Cracking the Taylor Series Code

From Daunting Formula to Intuitive Understanding

8/6/20242 min read

When I first learned about the Taylor Series, I found it daunting to memorize the long formula. If you struggled with it too, here's a trick to help you quickly grasp the concept.

The essence of the Taylor series is that it approximates any function with a polynomial function around a given point by using the derivatives' information at that point. Intuitively, one function p(x) approximates another function f(x) around a point a, if their values are equal at that point: p(a)=f(a). But that's not enough, the slope around that point should be the same. This means the first derivative of f(x) and p(x) should be equal at point a.

Moreover, the rate of the change of slope of the curve should be the same for a better fit, which means the second derivative of f(x) and p(x) should match at point a. For even greater accuracy, we match higher-order derivatives. This pattern continues for the third, fourth, and nth derivatives. Therefore p(x) = f(a) + f'(a)(x-a) + f''(a)(x-a)²/2! + ... + f⁽ⁿ⁾(a)(x-a)ⁿ/n!, where n goes to infinite. p(x) is an approximate function of f(x) around the point a. Taylor series can be used to calculate the value of an entire function at every point if the value of the function and all of its derivatives are known at a single point.

A Taylor series is called Maclaurin series when approving the function around the point 0. It's fun to do Maclaurin series for functions like 1/1-x, ln(1-x), and e^x. It’s important to note that p(x) approximates f(x) only around point a, not for all points. The radius of convergence of the Taylor series defines the maximum distance between point a and the point where the output of the polynomial converges to the function f(x). This radius determines the region where the polynomial approximation is valid and accurately represents the original function. The function is said to be analytic in this region.

Functions exhibit varying behaviors regarding the convergence of their Taylor series. Some functions have Taylor series that converge for all real numbers, while others converge only within a limited radius. For instance, the Taylor series of exponential functions e^x, trigonometric functions sin(x), cos(x), and all polynomial functions converge for every real number. These functions are examples where the radius of convergence is infinite. In contrast, other functions may have Taylor series with a finite, sometimes quite small, radius of convergence, such as square root, logarithm, tangent, and arctan.

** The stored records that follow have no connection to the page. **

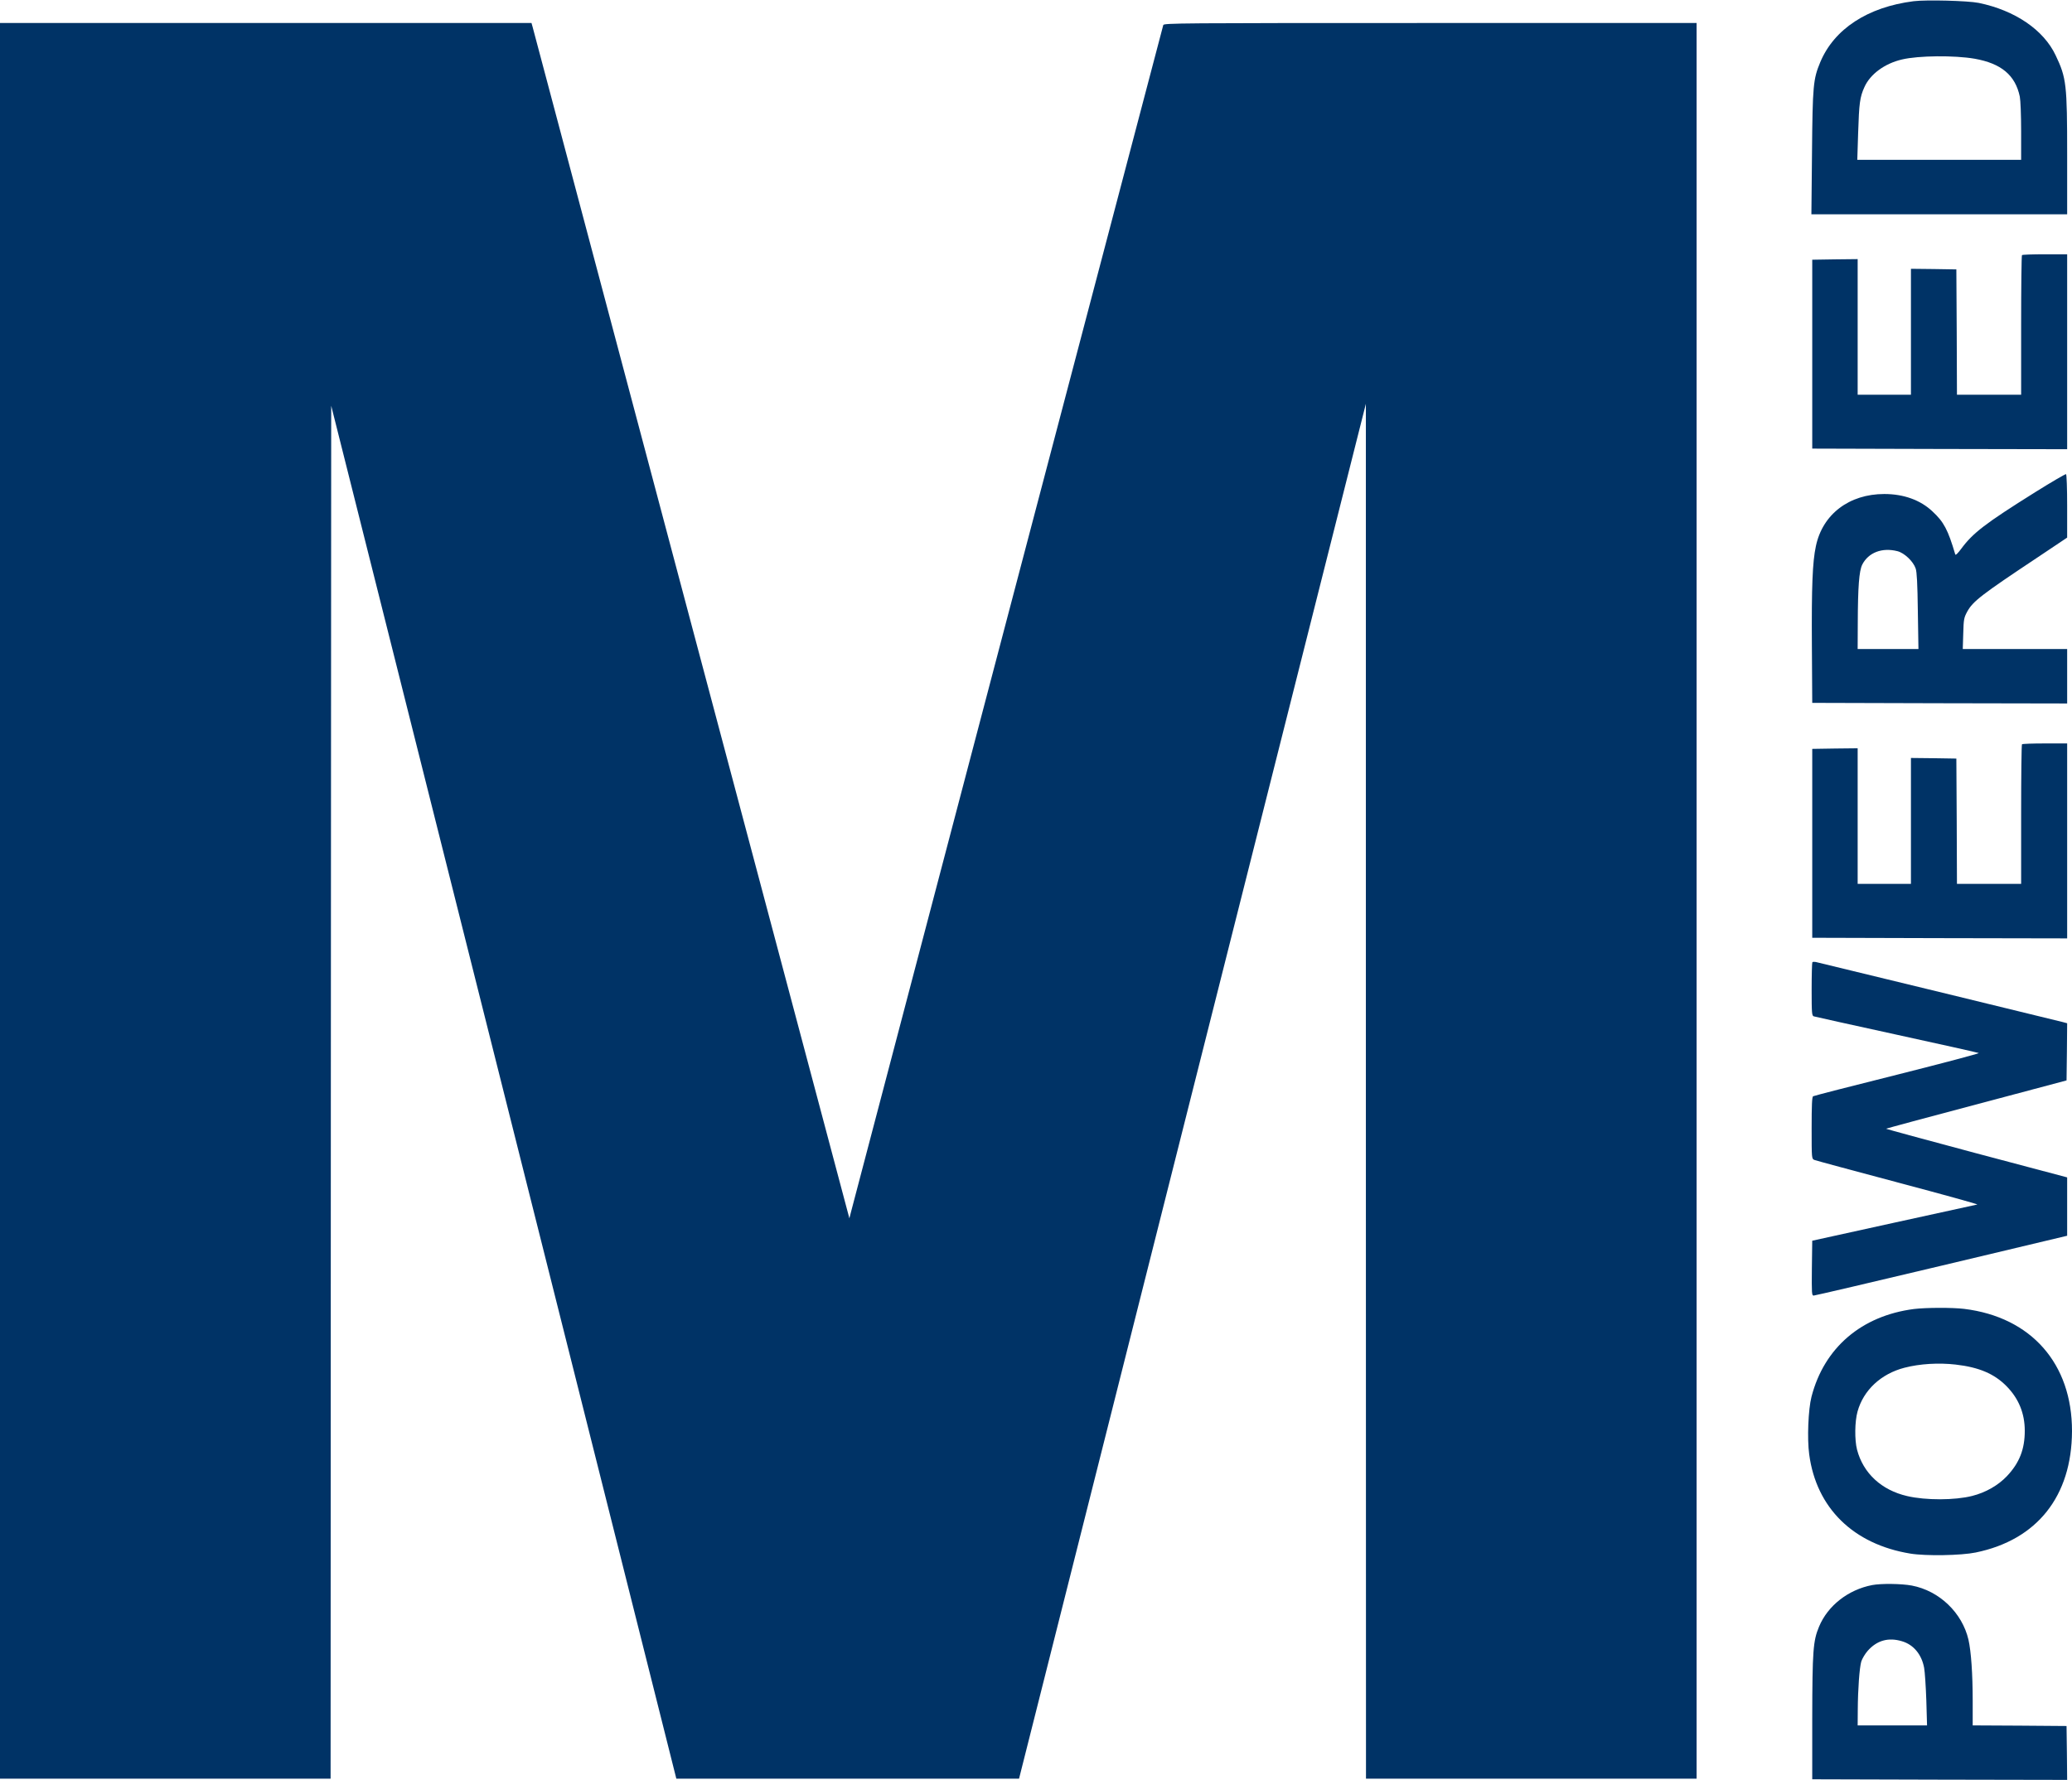 <?xml version="1.0" standalone="no"?>
<!DOCTYPE svg PUBLIC "-//W3C//DTD SVG 20010904//EN"
 "http://www.w3.org/TR/2001/REC-SVG-20010904/DTD/svg10.dtd">
<svg version="1.0" xmlns="http://www.w3.org/2000/svg"
 width="1711pt" height="1470pt" viewBox="0 0 1711 1470"
 preserveAspectRatio="xMidYMid meet">
<g transform="translate(0,1470) scale(0.1,-0.1)"
fill="#003366" stroke="none">
<path d="M15802 14690 c-379 -48 -656 -229 -771 -504 -58 -140 -63 -190 -68
-748 l-5 -508 1056 0 1056 0 0 489 c0 584 -6 637 -95 824 -99 210 -335 371
-635 433 -90 18 -431 27 -538 14z m504 -475 c220 -39 336 -136 373 -313 6 -30
11 -153 11 -287 l0 -235 -677 0 -676 0 7 221 c8 247 14 296 52 380 48 107 168
195 311 228 135 32 431 35 599 6z"/>
<path d="M0 7260 l0 -7250 1365 0 1365 0 2 5669 3 5670 1425 -5670 1425 -5669
1415 0 1415 0 1432 5678 1432 5677 0 -5677 1 -5678 1365 0 1365 0 0 7250 0
7250 -2199 0 c-2086 0 -2200 -1 -2205 -17 -6 -19 -2556 -9714 -2579 -9804
l-13 -51 -1304 4903 c-717 2697 -1307 4919 -1312 4937 l-9 32 -2194 0 -2195 0
0 -7250z"/>
<path d="M16697 12593 c-4 -3 -7 -264 -7 -580 l0 -573 -265 0 -265 0 -2 518
-3 517 -187 3 -188 2 0 -520 0 -520 -220 0 -220 0 0 560 0 560 -187 -2 -188
-3 0 -780 0 -780 1053 -3 1052 -2 0 805 0 805 -183 0 c-101 0 -187 -3 -190 -7z"/>
<path d="M16806 10635 c-415 -260 -515 -337 -612 -469 -27 -36 -45 -54 -48
-45 -60 203 -94 268 -188 355 -99 94 -238 144 -398 144 -290 0 -510 -167 -565
-431 -28 -130 -36 -332 -33 -819 l3 -475 1053 -3 1052 -2 0 225 0 225 -431 0
-431 0 4 128 c3 118 6 131 33 181 47 85 115 138 583 449 l242 162 0 260 c0
142 -4 261 -9 264 -4 3 -119 -64 -255 -149z m-1138 -487 c57 -14 131 -84 151
-143 10 -29 15 -124 18 -352 l5 -313 -251 0 -251 0 1 213 c1 301 11 432 37
484 51 100 164 143 290 111z"/>
<path d="M16697 8553 c-4 -3 -7 -264 -7 -580 l0 -573 -265 0 -265 0 -2 518 -3
517 -187 3 -188 2 0 -520 0 -520 -220 0 -220 0 0 560 0 560 -187 -2 -188 -3 0
-780 0 -780 1053 -3 1052 -2 0 805 0 805 -183 0 c-101 0 -187 -3 -190 -7z"/>
<path d="M14966 6753 c-3 -3 -6 -104 -6 -224 0 -199 2 -218 18 -223 9 -3 316
-71 682 -151 366 -80 672 -148 680 -152 8 -3 -294 -83 -671 -178 -377 -94
-691 -175 -697 -179 -9 -5 -12 -77 -12 -262 0 -254 0 -254 23 -264 12 -5 324
-89 692 -187 369 -98 662 -179 653 -181 -10 -2 -320 -70 -690 -151 l-673 -148
-3 -226 c-2 -211 -1 -227 15 -227 10 0 485 111 1056 247 l1037 247 0 241 0
241 -750 199 c-412 110 -747 201 -745 203 2 2 338 93 747 201 l743 198 3 236
2 236 -37 10 c-28 8 -1860 453 -2039 496 -12 2 -24 2 -28 -2z"/>
<path d="M15805 3889 c-433 -56 -741 -319 -846 -724 -27 -105 -37 -347 -19
-477 59 -443 365 -742 835 -819 128 -21 419 -16 540 9 507 104 793 465 795
1002 1 558 -337 942 -890 1010 -99 12 -315 11 -415 -1z m345 -459 c192 -22
319 -76 420 -179 100 -102 150 -224 150 -368 0 -152 -44 -265 -147 -374 -73
-77 -176 -136 -288 -164 -142 -36 -383 -37 -536 -1 -213 49 -363 189 -414 383
-21 81 -19 233 4 315 49 177 194 312 388 362 127 33 282 42 423 26z"/>
<path d="M15460 1609 c-198 -38 -367 -170 -439 -344 -49 -117 -55 -198 -56
-755 l0 -505 1053 -3 1052 -2 -2 222 -3 223 -387 3 -388 2 0 203 c0 222 -13
408 -35 505 -52 223 -241 404 -468 447 -85 16 -254 18 -327 4z m246 -464 c96
-28 163 -110 183 -220 6 -33 14 -153 18 -267 l6 -208 -286 0 -287 0 1 128 c1
173 14 348 29 400 8 24 31 63 53 88 76 86 171 113 283 79z"/>
</g>
</svg>

One application of the Taylor Series is the Delta Method, which derives the asymptotic distribution of a random variable. The method is applicable when the random variable is a differentiable function of another random variable which is asymptotically Gaussian. The term "asymptotically Gaussian" refers to the property that the random variable approaches the normal distribution as the sample size increases, such as the sample mean.

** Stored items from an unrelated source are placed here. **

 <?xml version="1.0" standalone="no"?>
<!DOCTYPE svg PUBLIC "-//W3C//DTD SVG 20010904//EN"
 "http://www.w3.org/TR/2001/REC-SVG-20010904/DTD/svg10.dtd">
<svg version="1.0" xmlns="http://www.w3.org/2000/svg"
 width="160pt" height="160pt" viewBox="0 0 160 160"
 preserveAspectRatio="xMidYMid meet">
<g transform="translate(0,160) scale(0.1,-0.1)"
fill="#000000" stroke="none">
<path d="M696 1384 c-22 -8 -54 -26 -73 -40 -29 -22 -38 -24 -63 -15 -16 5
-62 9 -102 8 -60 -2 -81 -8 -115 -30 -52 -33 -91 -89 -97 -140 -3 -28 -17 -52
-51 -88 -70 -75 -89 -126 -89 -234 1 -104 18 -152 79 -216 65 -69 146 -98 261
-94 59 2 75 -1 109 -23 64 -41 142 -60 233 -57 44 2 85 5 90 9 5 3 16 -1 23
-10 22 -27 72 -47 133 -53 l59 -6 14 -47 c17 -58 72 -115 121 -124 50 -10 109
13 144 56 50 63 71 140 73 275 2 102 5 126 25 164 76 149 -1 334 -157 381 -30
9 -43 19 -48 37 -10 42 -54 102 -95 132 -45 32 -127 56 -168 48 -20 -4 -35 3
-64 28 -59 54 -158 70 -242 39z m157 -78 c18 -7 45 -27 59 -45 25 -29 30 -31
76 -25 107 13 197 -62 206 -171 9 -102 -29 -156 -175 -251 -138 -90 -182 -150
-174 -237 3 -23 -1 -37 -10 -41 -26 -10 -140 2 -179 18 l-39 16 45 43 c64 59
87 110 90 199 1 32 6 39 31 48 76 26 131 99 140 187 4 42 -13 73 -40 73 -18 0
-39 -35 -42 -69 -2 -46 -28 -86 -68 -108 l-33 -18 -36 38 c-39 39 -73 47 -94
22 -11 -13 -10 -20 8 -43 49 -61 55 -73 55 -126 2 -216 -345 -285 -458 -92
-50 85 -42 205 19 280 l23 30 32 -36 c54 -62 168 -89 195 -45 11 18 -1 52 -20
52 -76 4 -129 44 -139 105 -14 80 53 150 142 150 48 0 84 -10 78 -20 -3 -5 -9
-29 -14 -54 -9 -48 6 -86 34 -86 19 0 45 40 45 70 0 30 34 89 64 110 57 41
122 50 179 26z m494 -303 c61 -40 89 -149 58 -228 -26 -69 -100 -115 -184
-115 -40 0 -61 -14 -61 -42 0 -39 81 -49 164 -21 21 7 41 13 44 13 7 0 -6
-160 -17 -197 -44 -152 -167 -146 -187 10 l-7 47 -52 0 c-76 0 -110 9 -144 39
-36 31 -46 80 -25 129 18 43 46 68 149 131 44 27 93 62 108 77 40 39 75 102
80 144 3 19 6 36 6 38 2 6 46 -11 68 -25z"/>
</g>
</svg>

The intuition behind the delta method is that any differentiable g function, in a "small enough" range of the function, can be approximated by the first-order Taylor series. The "small enough" range means the higher-order terms of the Taylor series become negligible at the point of expansion. The "small enough" range can be achieved by approximating the function near the mean, as the Central Limt Theorem (CLT) shows that the variance of the sample mean decreases as the sample size increases. Therefore g(Xn) = g(mu) + g'(mu)(Xn-mu), where Xn is an asymptotically Gaussian random variable, such as sample mean, and mu is the expectation/mean of Xn.

Therefore, in practice, the Delta method is more effective for large samples, as the approximation becomes more robust and the influence of higher-order terms diminishes.